Here, we first predefine all business subdomains as a map of properties and add new nodes for them. Additionally, we connect all the types that belong to a subdomain via the naming convention.

In the database, we have now the information about the subdomain for each type in our software. The blue colored nodes are the Type nodes of the software system that are connected by a BELONGS_TO relationship to the grey node in the middle which is one of the Subdomain nodes.

We can refine this model by adding information as we like and as long as there is some structural information existing for the data sources. For example, if we use the code analysis tools like FindBugs, it's possible to add existing coding violations into the graph and connect them to the types – and thus the subdomains. If we are using a bug tracking system like Bugzilla, we can list known bugs for specific subdomains. This enables us to look at internal code quality from a business' perspective! The problem space is reduced and can be communicated in a language that can be understood by business people as well.

This is the entry point into "software triage" which can help to focus on effective refactoring or reengineering tasks!

Summary

In this blog post, you saw how you can create higher-level abstractions of your source code. With this approach, you can create schemas of known things by marking them either by additional node labels or by creating new conceptual nodes. Both approaches are fine to create more sophisticated hierarchies leading to chunks of information that can be processed by people who are unfamiliar with all the details of a software system. This enables discussions on a new level!

By focusing on hierarchies that mean something to business people, a software architect can now discuss issues in the software system in terms of the business.

With the graph-based approach in Neo4j, you can easily add additional information about open bug tickets, static code analysis results, latest code changes – everything! Discussions about code quality don't start with general statements like

"Ohhh, we are doomed, because we have so much technical debt!"

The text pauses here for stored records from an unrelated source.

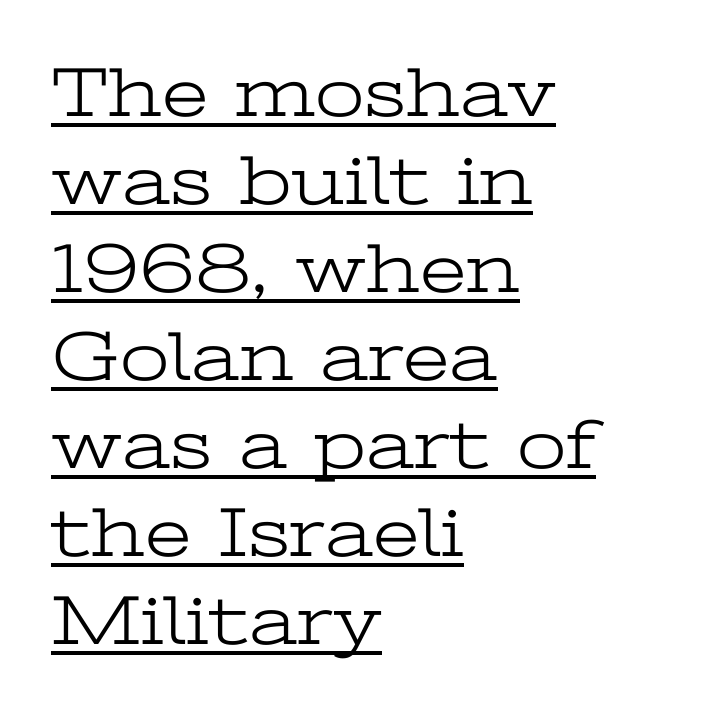
Q: Is the text bold? A: No.
Q: Is the text italic (slanted)? A: No, it is upright.
Q: Is the typeface a serif or a sans-serif typeface? A: Serif.
Q: Is the text underlined? A: Yes.
Q: How is the paragraph aligned? A: Left-aligned.
Q: Is the spacing between letters normal or unusually wide? A: Normal.
Q: Width (condensed, normal, or wide)? A: Wide.
Q: Stroke contrast? A: Low.
Q: x-height? A: Medium.
Q: Monospaced? A: No.

or on a very detailed perspective like

"AbstractNotificationProxyServiceManager has a cyclomatic complexity of 144!"

but on the right level:

"If you plan to change the notification feature in the next sprint, be sure to add additional time for cleaning up the code base for this component."

where you can go deeper if needed e. g. with

"There are 4 open bugs and the code is more complex than it has to be. Ohh, and the main developer leaves the company in three weeks, so it should be a high priority user story in your backlog as well!"

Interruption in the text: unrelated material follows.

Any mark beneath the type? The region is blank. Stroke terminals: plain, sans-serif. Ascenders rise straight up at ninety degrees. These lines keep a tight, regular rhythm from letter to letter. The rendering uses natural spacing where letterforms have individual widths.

I hope you can imagine the potential of higher-level abstractions of your source code. It's a very context-dependent approach that requires some customization because every business domain and thus software system is different. But that's exactly the reason why it is so powerful: It works in your context and it's tailored to your specific needs!

What do you think about it? Are there any barriers that are still in the way? What are your ideas to bring developers and business people together to talk about internal software quality on the same level?